Immigrants whose path led them to jobs as diverse as working in the emerging computer technology industry and the long-established realm of itinerant evangelism also receive their brief moment in Malle’s spotlight. There’s also an extended piece on the topic of illegal immigration, using footage shot on the US/Mexican border crossing at Tijuana. It’s appalling to hear the frustrations voiced by various people involved in managing the situation as they complain about the lack of progress in figuring out a solution to the problem, knowing that 25 years later, no significant resolution or anything close to a cultural consensus has yet been developed. Though the negative consequences of illegal immigrant exploitation are clearly spelled out by laborers, employers and activists themselves, nobody in a position of authority seems to have been listening, or at least they’re just not capable of effectively addressing the crisis.



The final segment of …And the Pursuit of Happiness focuses on families who came to the United States under dramatically different circumstances. First we meet the Patel family, a fairly affluent clan who staked their claim to a big slice of the economic pie by running a hotel near San Jose, California. Papa Patel offers a great example of the patriarch who seeks to balance his traditional family values (marrying within their ethnicity, raising children who will care for them in old age rather than send them to nursing homes) with newfound comforts. The tricky equilibrium is epitomized in the kitchen of their cozy suburban residence, with its Hindu altar alongside a classic indoor American barbecue pit.

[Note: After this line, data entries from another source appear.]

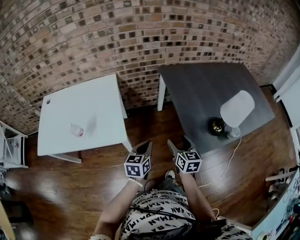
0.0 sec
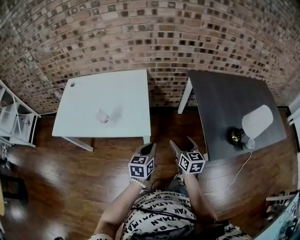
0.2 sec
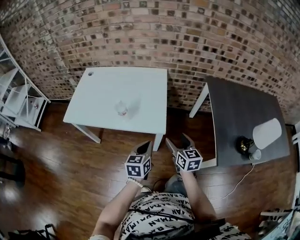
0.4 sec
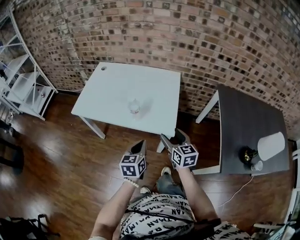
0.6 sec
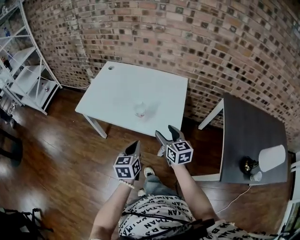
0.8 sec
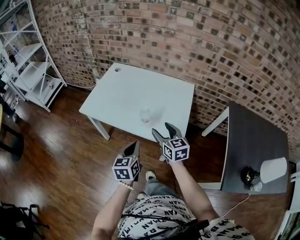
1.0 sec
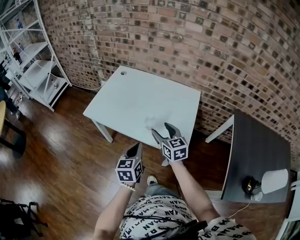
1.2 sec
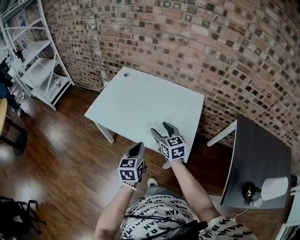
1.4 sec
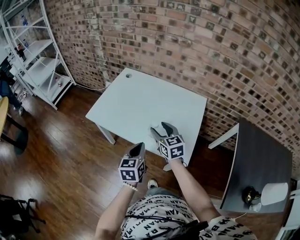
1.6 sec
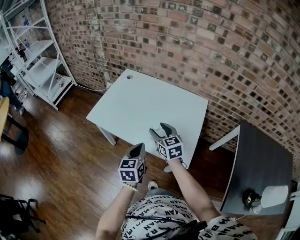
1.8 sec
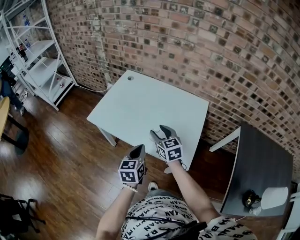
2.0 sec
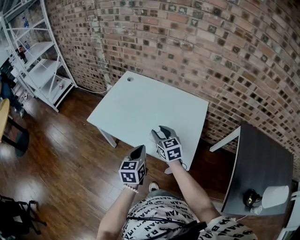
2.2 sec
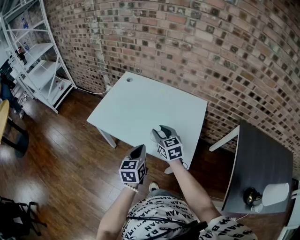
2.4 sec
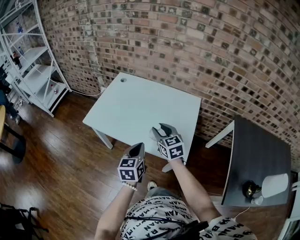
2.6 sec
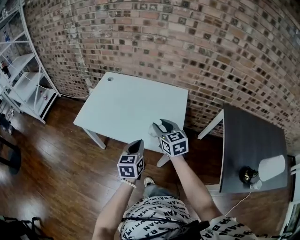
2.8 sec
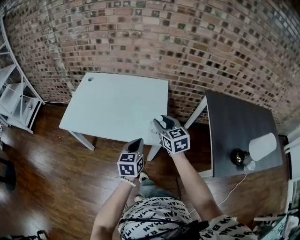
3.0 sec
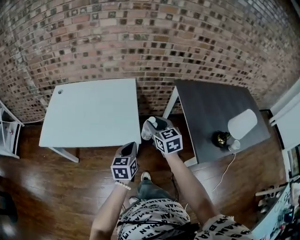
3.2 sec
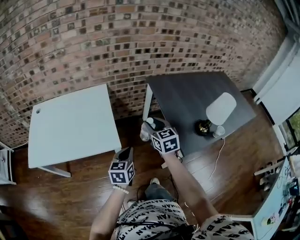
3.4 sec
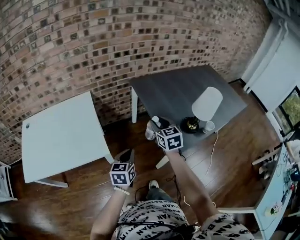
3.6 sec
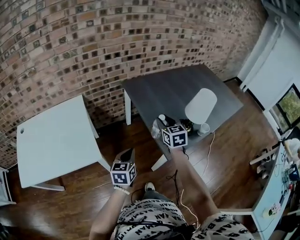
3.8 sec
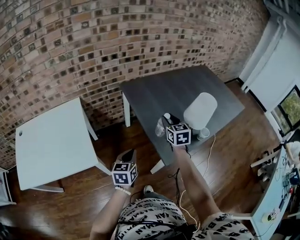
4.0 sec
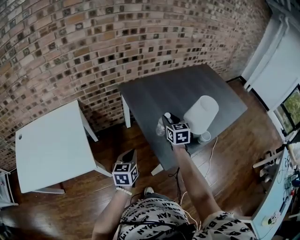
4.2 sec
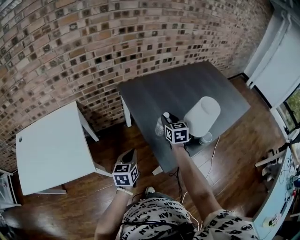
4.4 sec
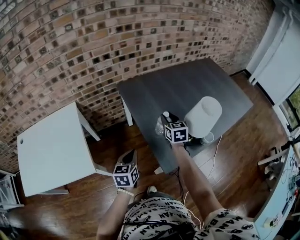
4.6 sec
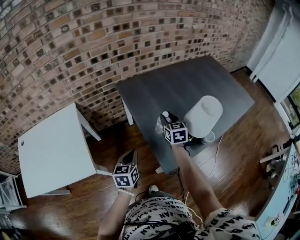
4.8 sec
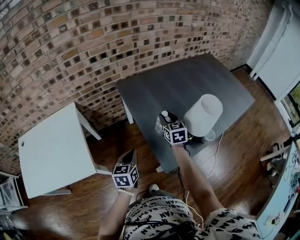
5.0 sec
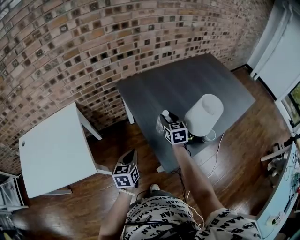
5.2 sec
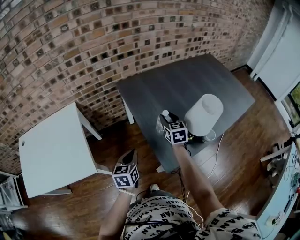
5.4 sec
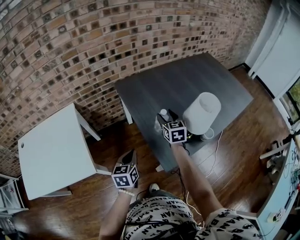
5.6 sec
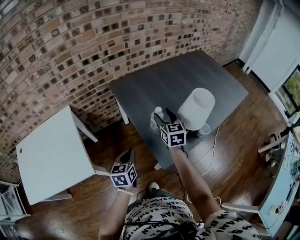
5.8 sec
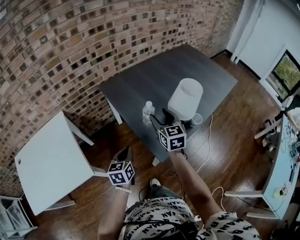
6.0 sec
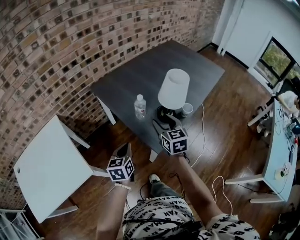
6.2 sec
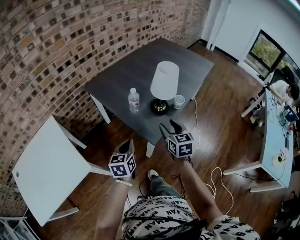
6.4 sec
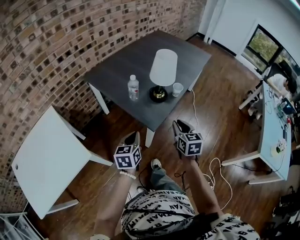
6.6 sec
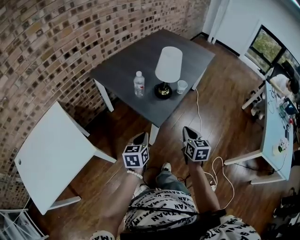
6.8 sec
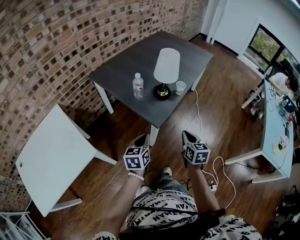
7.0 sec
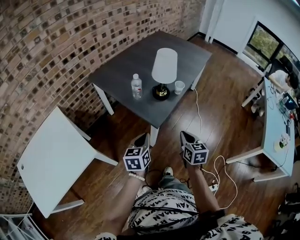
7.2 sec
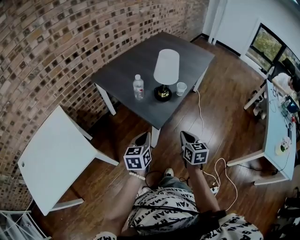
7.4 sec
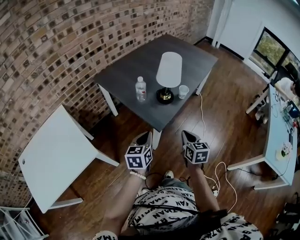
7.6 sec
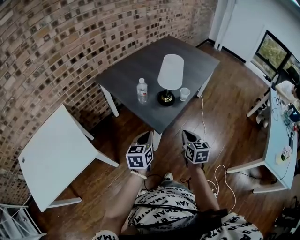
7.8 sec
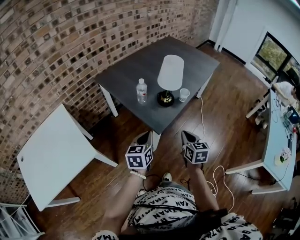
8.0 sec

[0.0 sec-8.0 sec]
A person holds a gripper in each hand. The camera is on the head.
0.0 sec to 1.6 sec: The pair of grippers is taken roughly 50 cm. The left gripper changes its angle by roughly 50 degrees. Meanwhile the right gripper swivels approximately 60 degrees.
1.6 sec to 3.2 sec: The right gripper ends up approximately 30 cm from where it was, and turns by about 30 degrees. The left gripper shifts by some 20 cm, and rotates about 30 degrees.
3.2 sec to 4.8 sec: The left gripper ends up roughly 35 cm from where it was. Meanwhile the right gripper ends up some 50 cm from where it was, and rotates approximately 30 degrees.
4.8 sec to 6.4 sec: The left gripper goes approximately 10 cm backward and to the right. Meanwhile the right gripper travels backward by approximately 25 cm, and rotates some 20 degrees.
6.4 sec to 8.0 sec: The right gripper is displaced backward and to the right by roughly 10 cm, and closes its fingers; the left gripper heads to the right, covering about 5 cm.

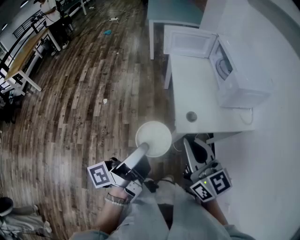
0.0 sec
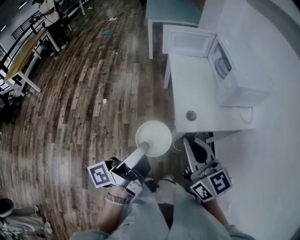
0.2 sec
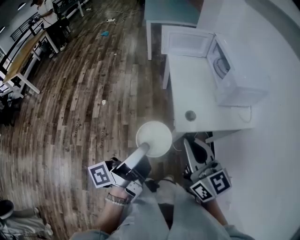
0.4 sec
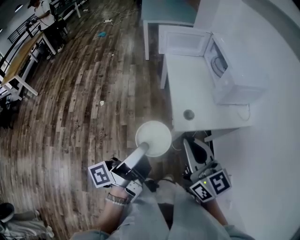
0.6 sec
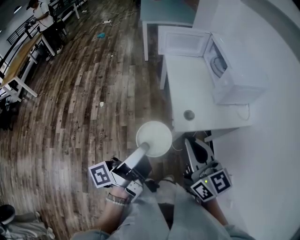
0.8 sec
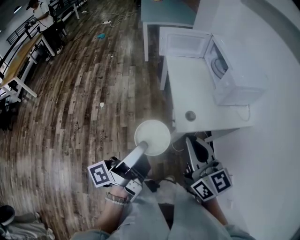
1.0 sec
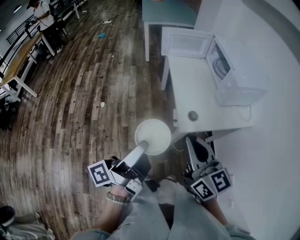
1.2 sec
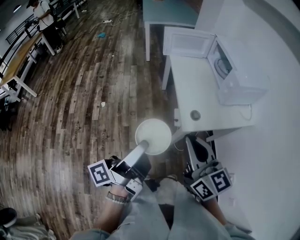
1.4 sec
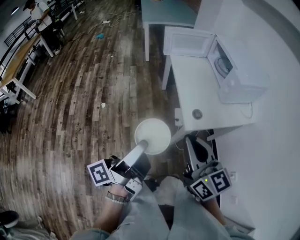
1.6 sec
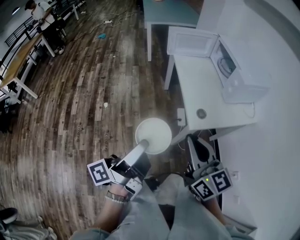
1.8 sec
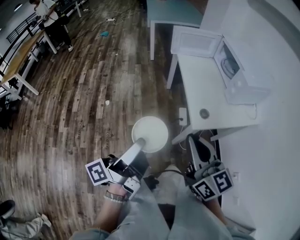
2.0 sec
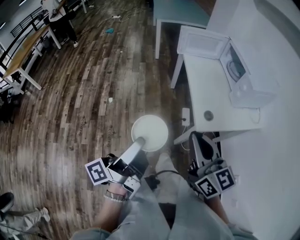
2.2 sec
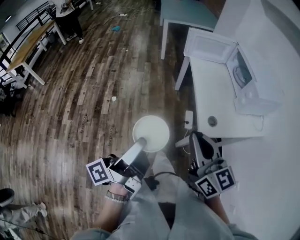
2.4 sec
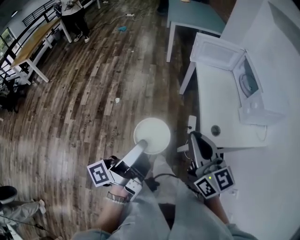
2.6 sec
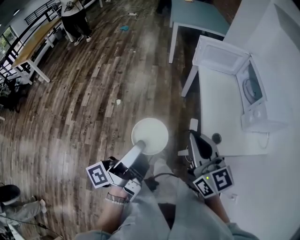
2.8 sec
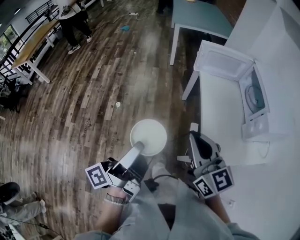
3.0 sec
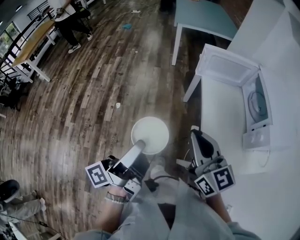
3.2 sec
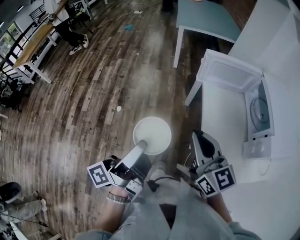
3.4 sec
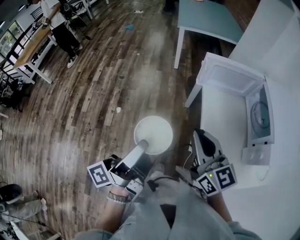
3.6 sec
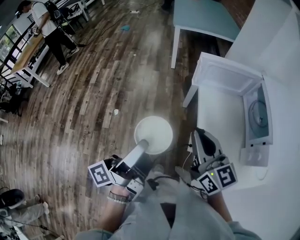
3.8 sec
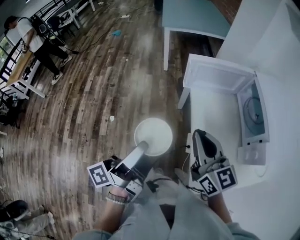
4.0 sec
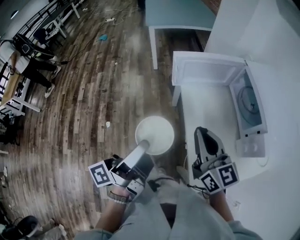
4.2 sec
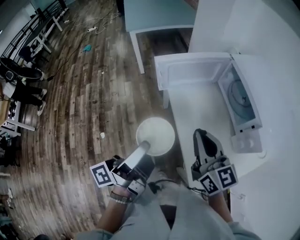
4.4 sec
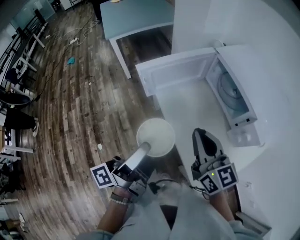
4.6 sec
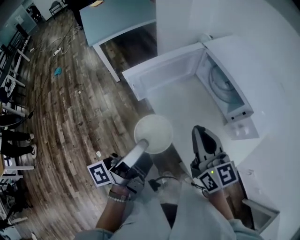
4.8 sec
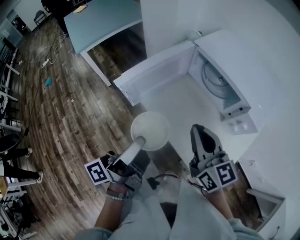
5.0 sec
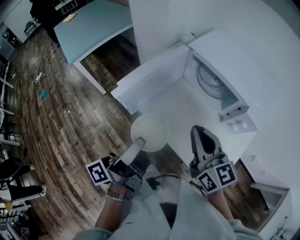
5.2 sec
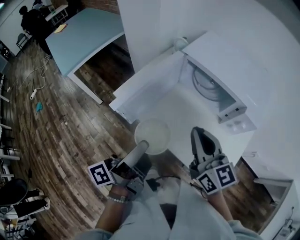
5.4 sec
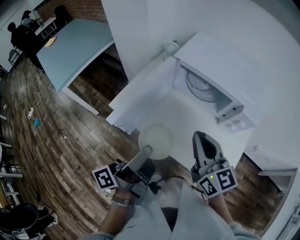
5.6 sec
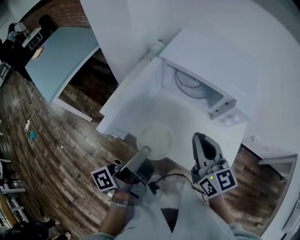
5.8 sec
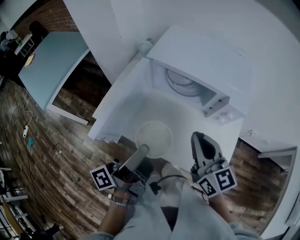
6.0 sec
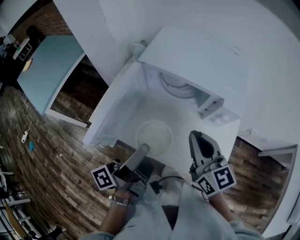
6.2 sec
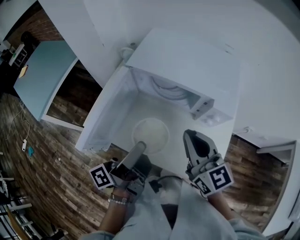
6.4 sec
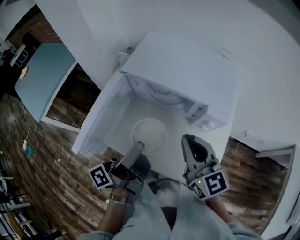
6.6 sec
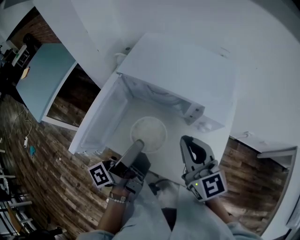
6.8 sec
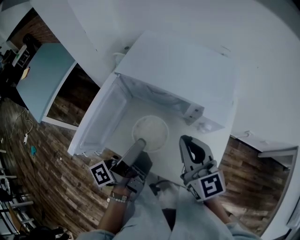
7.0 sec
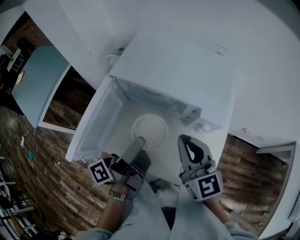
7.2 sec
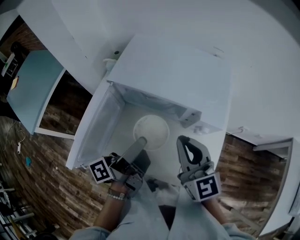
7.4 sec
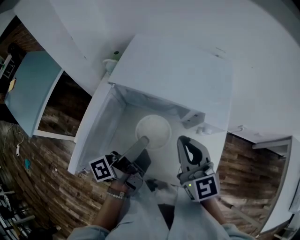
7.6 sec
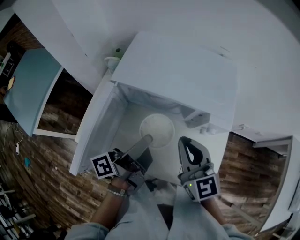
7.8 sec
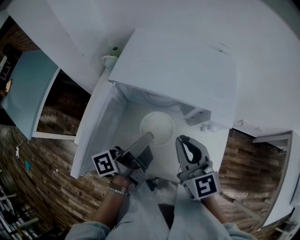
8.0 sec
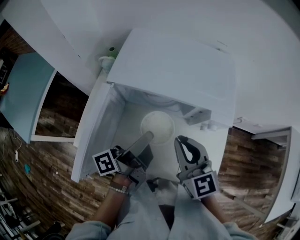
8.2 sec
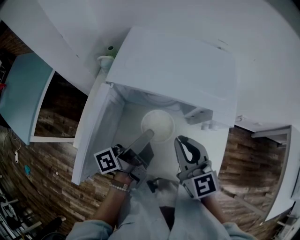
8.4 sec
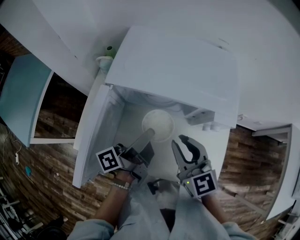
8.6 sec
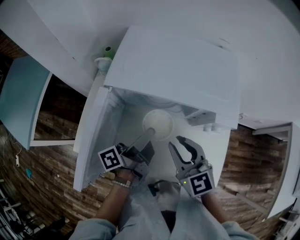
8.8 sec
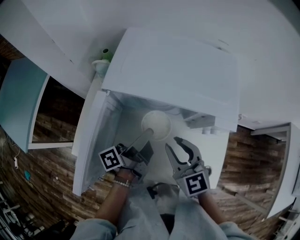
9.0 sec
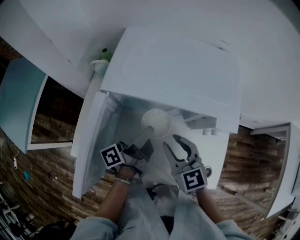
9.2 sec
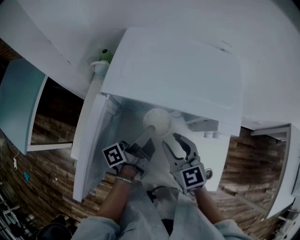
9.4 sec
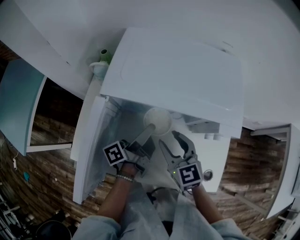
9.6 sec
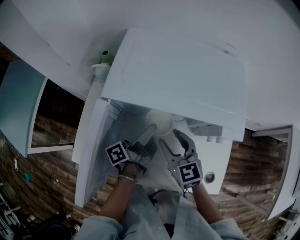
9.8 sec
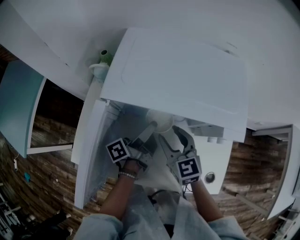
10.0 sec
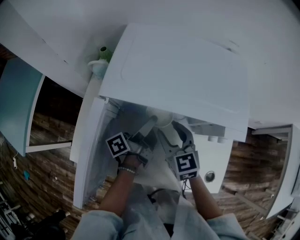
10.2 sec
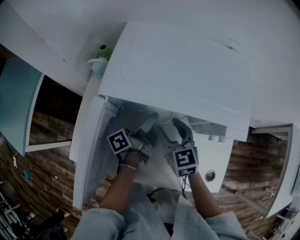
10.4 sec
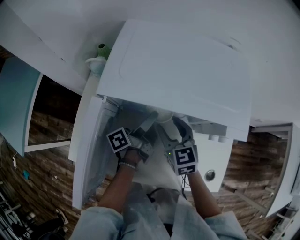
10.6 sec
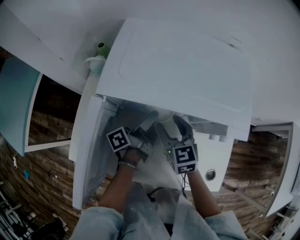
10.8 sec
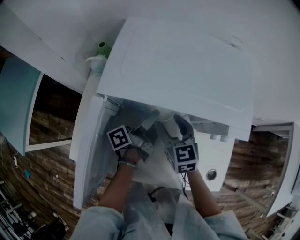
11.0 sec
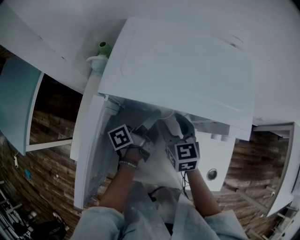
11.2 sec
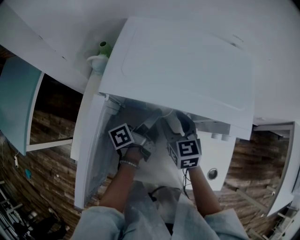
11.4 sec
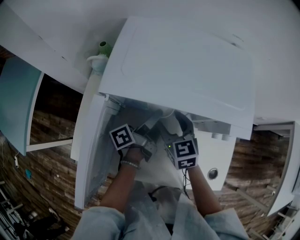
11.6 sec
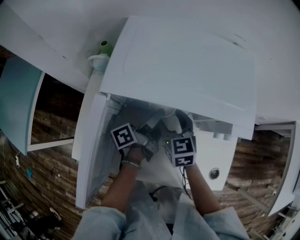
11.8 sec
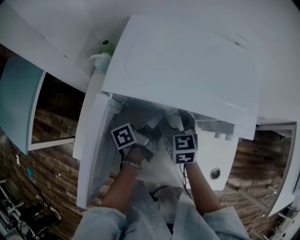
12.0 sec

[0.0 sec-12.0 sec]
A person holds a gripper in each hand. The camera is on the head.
0.0 sec to 1.6 sec: The right gripper moves roughly 5 cm.
1.6 sec to 3.0 sec: The right gripper moves approximately 20 cm.
3.0 sec to 4.4 sec: The right gripper changes place by approximately 25 cm, and swivels approximately 20 degrees.
4.4 sec to 6.0 sec: The right gripper ends up roughly 10 cm from where it was, and swivels approximately 50 degrees.
6.0 sec to 7.6 sec: The right gripper moves about 10 cm.
7.6 sec to 9.0 sec: The right gripper is displaced downward by about 10 cm, and opens its fingers.
9.0 sec to 10.4 sec: The right gripper shifts by about 15 cm, and opens its fingers.

And touching upon the political controversies of its time, Malle concludes the final documentary of his impressive career with  a look at survivors on both sides of the brutal strife and warfare that tore through several Central American nations throughout the late 70s and early 80s.  First we meet a man who was paralyzed after a beating by government sponsored thugs in El Salvador, who was even then facing deportation after the US government refused his request for political asylum. Then we cross over the line of conflict to meet one of Nicaragua’s recently deposed military rulers, General Jose Somoza, brother of former President Anastasio Somoza who had been ousted by the Sandinistas in 1979 and assassinated in Paraguay the following year.

Given his brother’s grim fate, it’s not at all surprising to see Jose in a perpetual state of paranoid apprehension any time he senses the camera on him. But in the spirit of Yankee independence and individualism, in this case it turns out that Father really doesn’t know best – or at least, his discomfort isn’t enough to obstruct Malle’s documentary pursuits. That’s because the General has a son who practically surprises himself by admitting on camera that the freedom he and his own children have experienced, even after giving up the prestige and privilege of their high ranking in Nicaraguan society, led them to a more genuine life than what they’d known in their former home. It’s a remarkable flash of insight, and a timely reminder as we find ourselves inundated with political promises and rhetorical slogans, illuminating the elusive transience and non-material nature of that strangely chimeric phantom we call the American Dream.